◆ EXERCISE REQUIREMENTS
Return the data below exactly, minus the pictures.

START SUPPLIED DATA

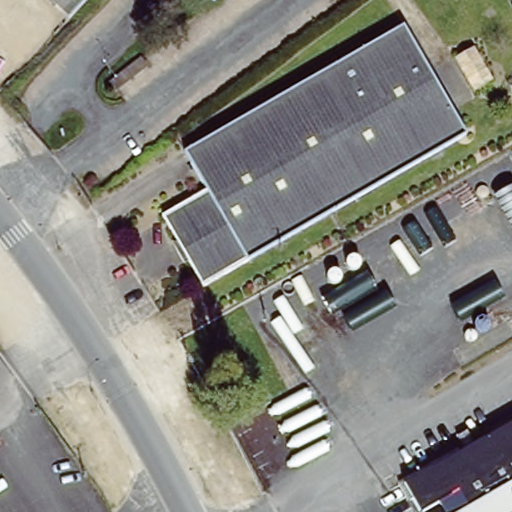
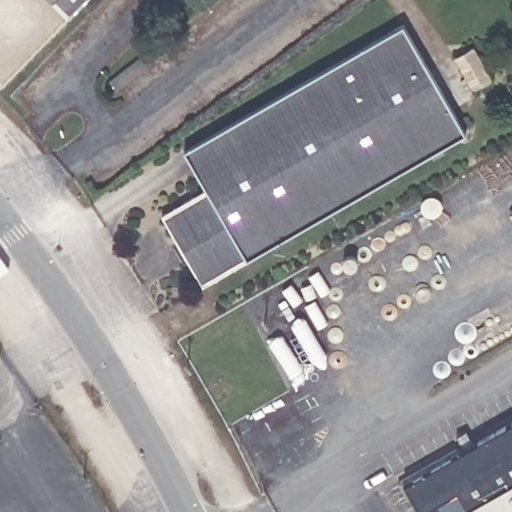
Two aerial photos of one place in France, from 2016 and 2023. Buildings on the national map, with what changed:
unchanged [(88,0),(70,19),(50,0),(88,0)]
unchanged [(211,199),(185,157),(402,23),(465,131),(251,263),(211,199)]
unchanged [(472,44),(492,77),(475,89),(463,70),(462,66),(462,61),(458,55),(460,49),(460,53),(461,57),(472,44)]
unchanged [(216,285),(175,222),(211,199),(251,263),(216,285)]
unchanged [(435,508),(430,512),(421,512),(416,502),(410,506),(401,491),(457,451),(461,456),(512,420),(512,512),(437,512),(435,508)]

END SUPPLIED DATA

◆ RESULT BELOW
Two aerial photos of one place in France, from 2016 and 2023. Buildings on the national map, with what changed:
unchanged [(88,0),(70,19),(50,0),(88,0)]
unchanged [(211,199),(185,157),(402,23),(465,131),(251,263),(211,199)]
unchanged [(472,44),(492,77),(475,89),(463,70),(462,66),(462,61),(458,55),(460,49),(460,53),(461,57),(472,44)]
unchanged [(216,285),(175,222),(211,199),(251,263),(216,285)]
unchanged [(435,508),(430,512),(421,512),(416,502),(410,506),(401,491),(457,451),(461,456),(512,420),(512,512),(437,512),(435,508)]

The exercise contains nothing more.